Re: Conditionals with multiple tests?
- To: mathgroup at smc.vnet.net
- Subject: [mg24117] Re: Conditionals with multiple tests?
- From: Jens-Peer Kuska <kuska at informatik.uni-leipzig.de>
- Date: Wed, 28 Jun 2000 02:11:40 -0400 (EDT)
- Organization: Universitaet Leipzig
- References: <8j9dvs$523@smc.vnet.net>
- Sender: owner-wri-mathgroup at wolfram.com
Hi,
yes.
"The Book" *is* clear in this point. Everything is an expression (except
a comment) including a CompoundExpression[]. If CompoundExpression[]
where
not a expression it's name where CompoundTheOnlyNonExpression[].
Chapter 2.1.1 of "The Book" has the huge bold head line
"Everything Is an Expression" is this clear enough ?
BTW, was it so complicated to try it out inside the Mathematica
interpreter,
that you must write a long news group posting ? Where is the
good old pioneer spirit that say "Let's try it out"?

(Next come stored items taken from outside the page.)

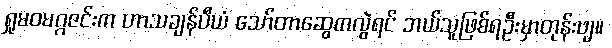
ရှုမဝမဂ္ဂဇင်းက ဟာသချန်ပီယံ သော်တာဆွေကလွဲရင် ဘယ်သူဖြစ်ရဦးမှာတုန်းဗျ။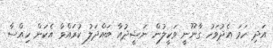
އަދި ހަމަ އެދުވަހު ގާނޫނީ ވަކީލުން ނަޝީދުއާ ބައްދަލު ކުރައްވާ އެކަން ހިއްސާ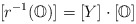
\begin{align*}[r^{-1}(\mathbb{O})] = [Y]\cdot [\mathbb{O}]\end{align*}

And what is a "legal way to implement" something, get a court decision
for
every character or only for every expression ?
And what is the punishment for illegal implementations ? Working
programs ?
And is
{p1,p2,p3}=Which[test1,{value11,value12,value13},
test2,{value21,value22,value23},
test3,{value31,value32,value33}]
not better to read and more compact with out a
CompoundExpression[] ?
Perplexed
Jens
"A. E. Siegman" wrote:
>
> Let's say I want to assign values to three variables p1, p2, p3 that
> will depend on five different (and nonoverlapping) tests test1 to test 5.
>
> One way to do this is obviously
>
> p1 = Which[test1, value11, test2, value12, . . . ]
> p2 = Which[test1, value21, test2, value22, . . . ]
> p3 = Which[test1, value31, test2, value32, . . . ]
>
> But a more compact and (for me anyway) neater approach is
>
> Which[test1, p1=value11; p2=value21; p3=value31,
> test2, p1=value21; p2=value22; p3=value32,
> test3, . . .
> test4, . . .
> test5, . . . ]
>
> Is this form legal? That is, can one use:
>
> Which[test1, expr1, test2, expr2, . . .]
>
> where expr1, expr2, . . . may be compound expressions?
>
> (I would say that The Mathematica Book is not at all clear on this
> point, as regards either Which[] or If[].)
>
> If not, is there a legal way to implement the basic objective?